The plant carbon anodes are composites of three different materials each with substantially different heat treatment, while graphitized anodes have fairly uniform properties, having been heat treated to double the temperature of normal anodes. The difference in heat treatment results in quite different physical properties as shown in Table 1. As wetting properties were similar, the differences in bubble behavior between the carbon and graphite anodes may be related to the different surface roughness and porosity. Anodes with different porosity have different true current densities at a fixed geometric current density, and causes different interfacial potential and gas evolution rate.

3.2. Bubble Nucleation

The anodic bubbles are generated at the anode bottom and are released at the anode edges in a cyclic pattern; several studies [9,15,16] reported this observation. However, bubble generation mechanism is quite complex and not well known.

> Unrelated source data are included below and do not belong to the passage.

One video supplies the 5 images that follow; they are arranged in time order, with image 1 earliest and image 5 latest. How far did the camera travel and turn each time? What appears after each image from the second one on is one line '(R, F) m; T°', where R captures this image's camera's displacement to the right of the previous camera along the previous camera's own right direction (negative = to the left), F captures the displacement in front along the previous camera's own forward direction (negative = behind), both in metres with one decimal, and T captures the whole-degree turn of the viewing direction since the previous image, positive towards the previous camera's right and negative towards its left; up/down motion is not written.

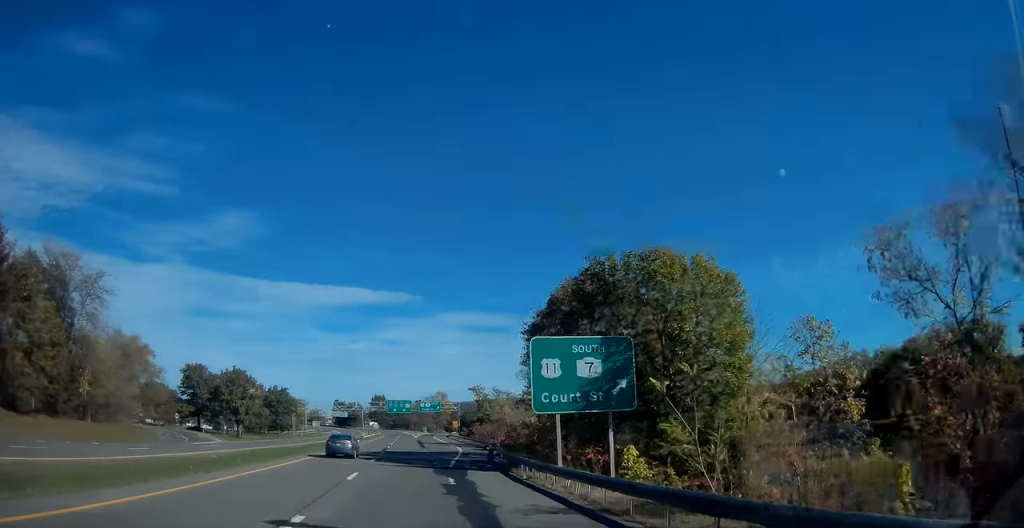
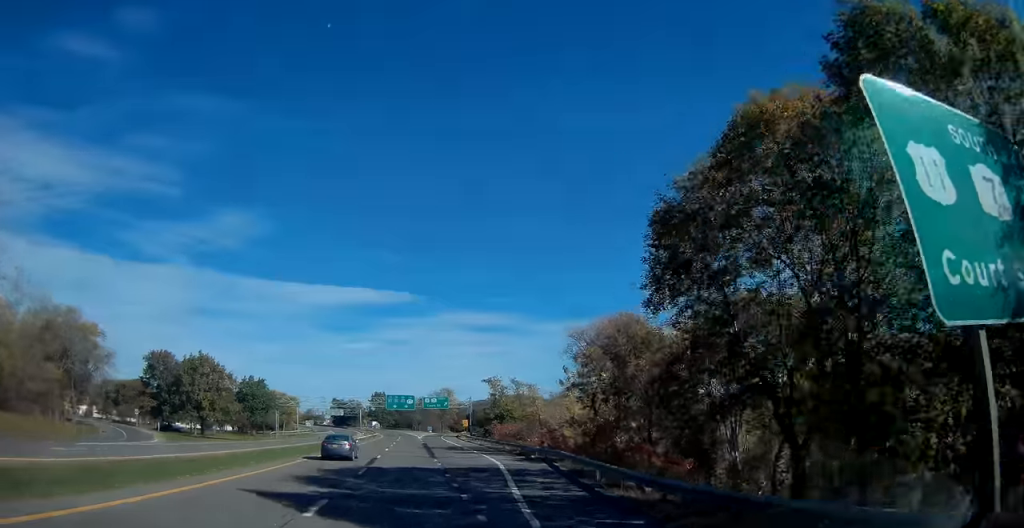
(0.0, +24.0) m; 0°
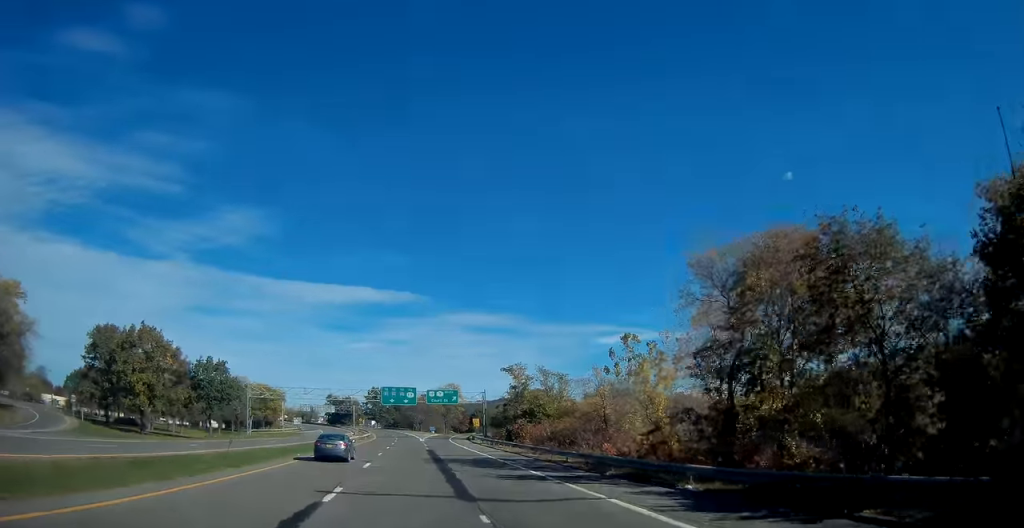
(0.0, +23.7) m; 0°
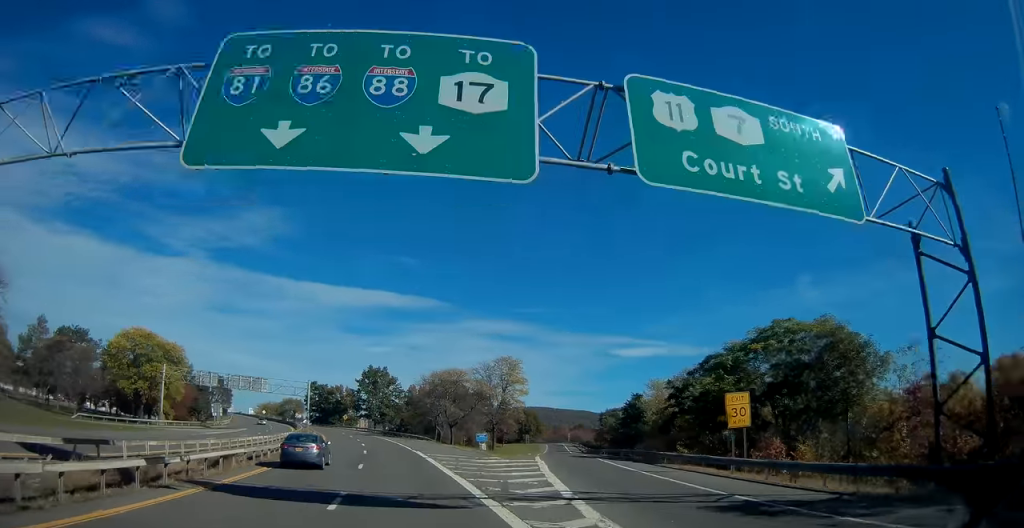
(-1.2, +85.1) m; -2°
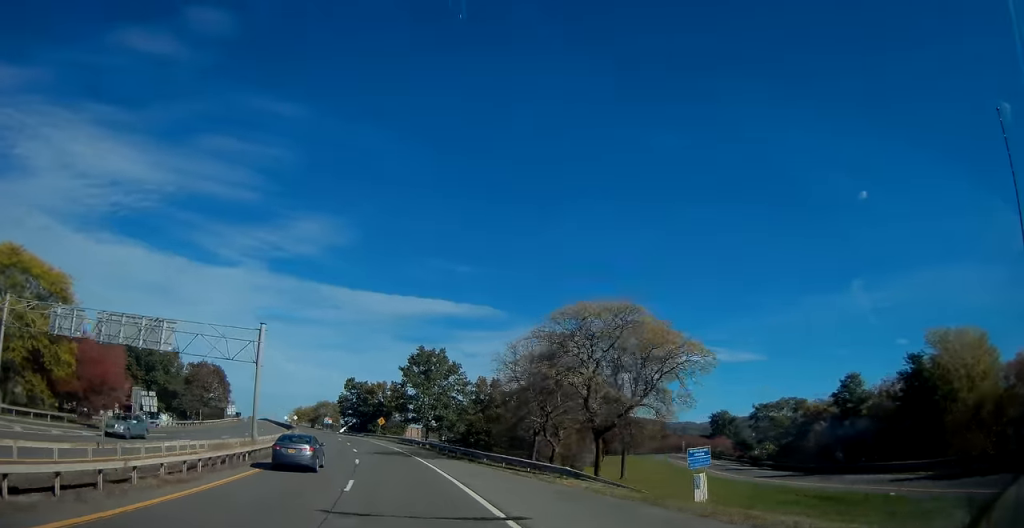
(-1.0, +37.8) m; -4°

Figure 11 shows some characteristic stages of bubble morphologies on the carbon anode in the period of 3 bubble life cycles at current density of 0.7 A·cm⁻². It can be seen that tiny bubbles were observed to preferentially evolve at specific areas on the anode surface. These observations indicate that the bubbles are nucleated periodically at certain sites on the bottom surface of the anode. With those bubbles growing, some new bubbles were generated at clean anode surface among these bubbles, and randomly distributed on the anode surface. This occurred because the presence of initial bubbles on an anode effectively decreases active surface area, which in turn increases real current density. Thus, more and more sites become active. However, these initial bubbles preferred to grow compared to newly generated bubbles. Thus, the sites of these initial bubbles are generally called “bubble nucleation spots”, which may be pores or defect sites on the anode surface.

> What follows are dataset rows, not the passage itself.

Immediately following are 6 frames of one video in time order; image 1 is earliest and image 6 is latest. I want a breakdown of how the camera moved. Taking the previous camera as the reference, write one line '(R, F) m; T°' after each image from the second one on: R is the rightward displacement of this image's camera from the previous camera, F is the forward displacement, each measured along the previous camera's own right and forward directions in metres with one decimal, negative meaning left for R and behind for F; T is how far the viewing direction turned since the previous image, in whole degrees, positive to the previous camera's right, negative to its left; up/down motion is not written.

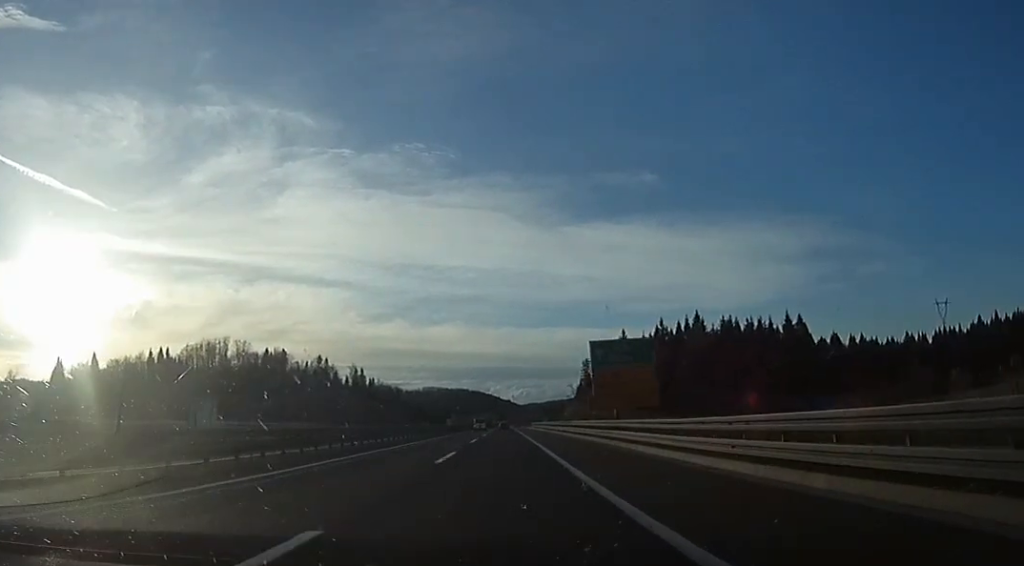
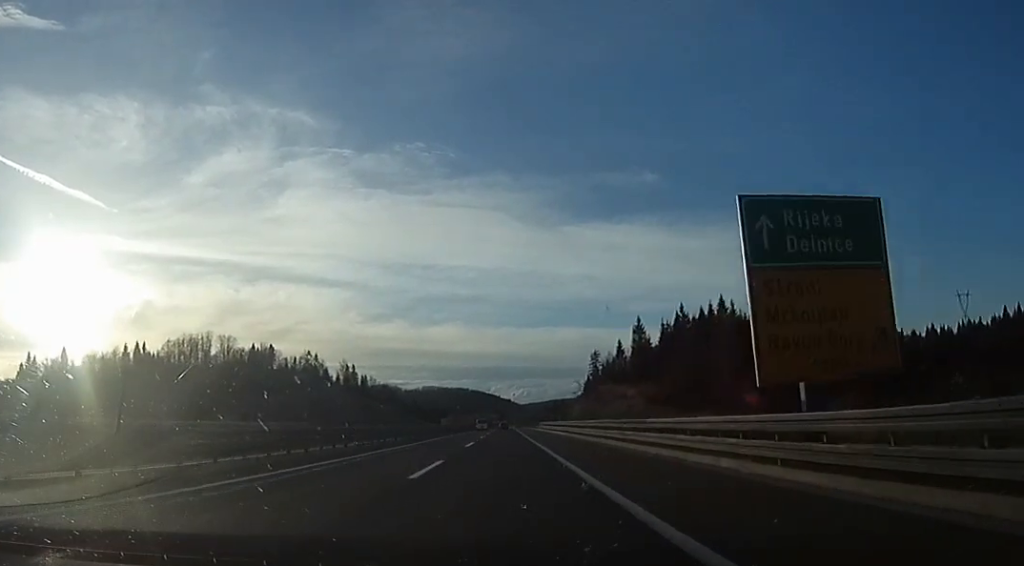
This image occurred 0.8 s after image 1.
(+1.2, +23.3) m; +2°
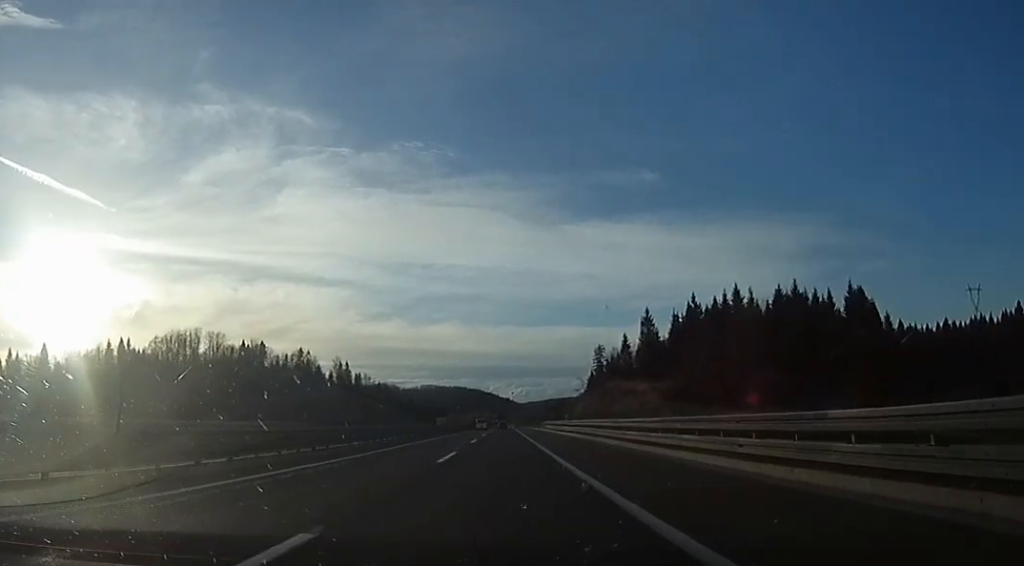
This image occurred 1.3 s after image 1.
(+0.1, +12.9) m; 0°
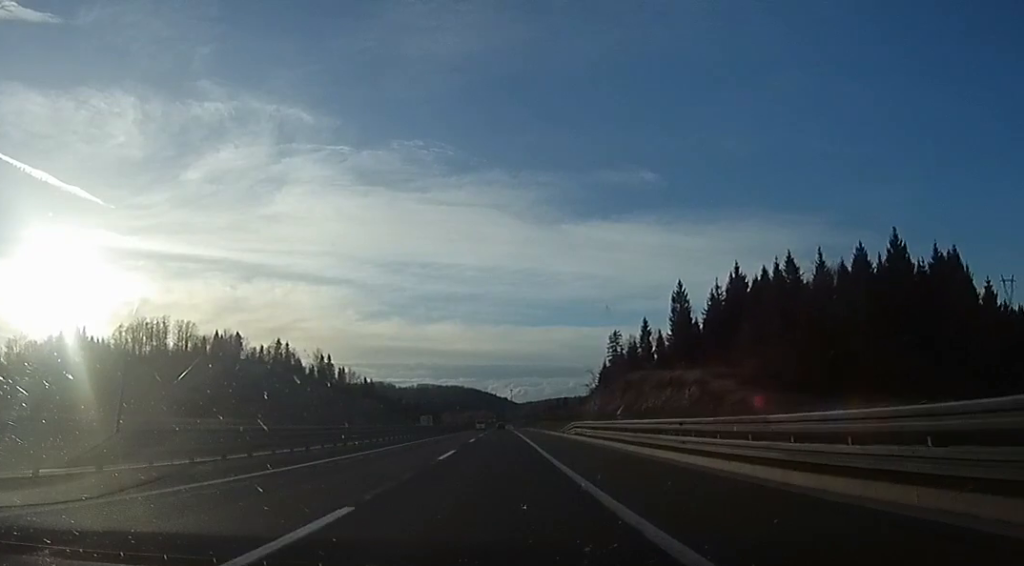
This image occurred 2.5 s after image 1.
(-0.9, +33.9) m; -2°
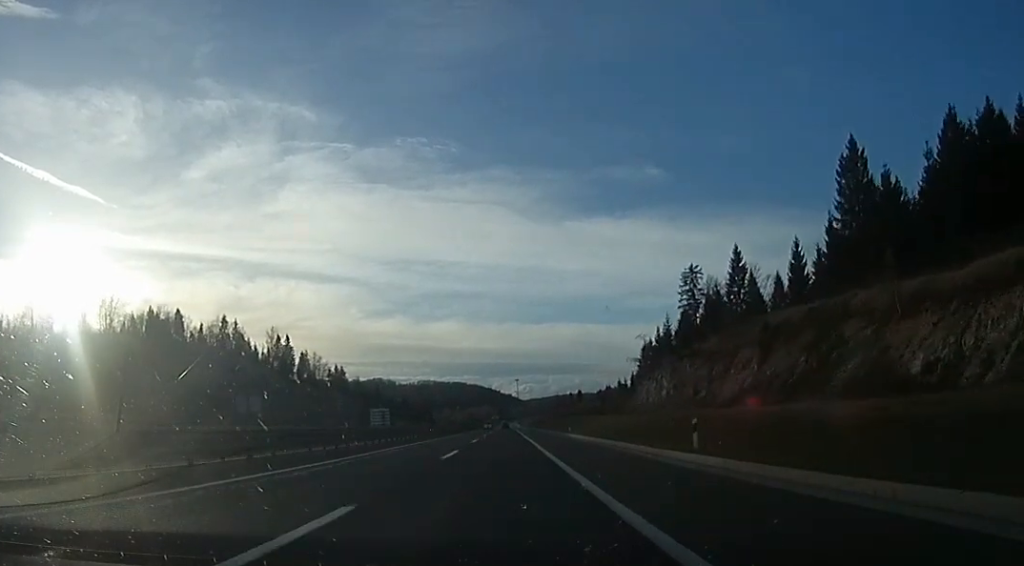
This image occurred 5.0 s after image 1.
(-0.9, +72.0) m; 0°
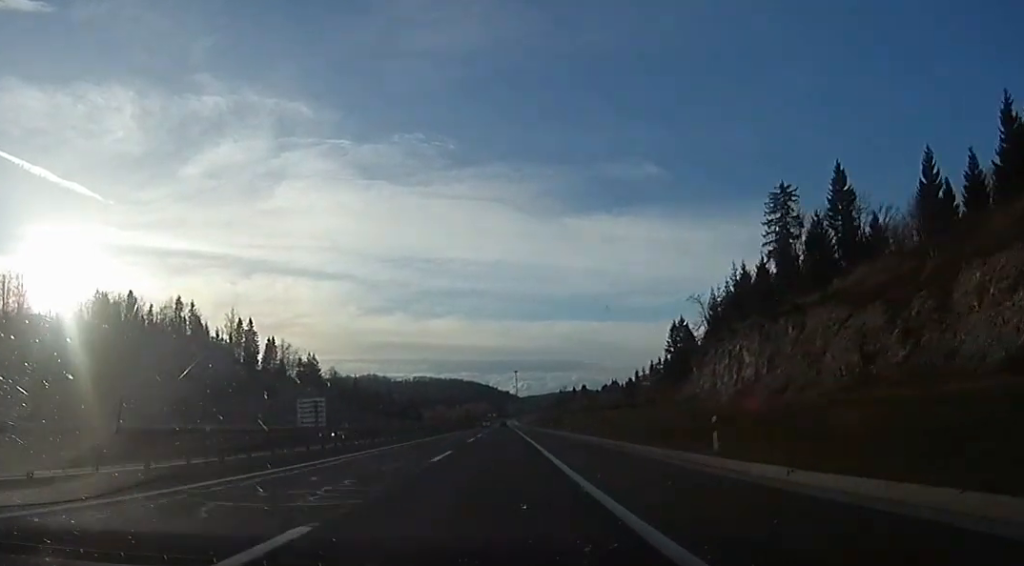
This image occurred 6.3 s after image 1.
(+1.9, +37.7) m; +2°

A variety of coalescence behavior is observed in the bubble lifetime, which was well described in our previous study [18]. Another indication from Figure 11 the locations of coalesced bubbles show a high degree of similarity. This may be correlated with anode surface properties, including porosity and surface roughness.

4. Conclusions

The bubble behavior beneath the carbon anode was studied for the first time in cryolite-alumina molten salt, using a laboratory transparent electrolytic cell to view the anode from the bottom. The bubble generation mechanism, coalescence, and release underneath the anode were observed. The bubbles were observed to preferentially generate at several areas on the underside of the anode. It was found that larger bubbles were formed on the carbon anode with a release frequency of almost three times that of the graphite anode. However, the gas coverage on the carbon anode was lower than that on the graphite anode. The present results confirm that anode properties and performance have a significant effect on the bubble behavior.

The results of this study demonstrate, by appropriate selection of anode cokes and production process, it has the potential to reduce bubble-induced resistance in industrial electrolytic cells.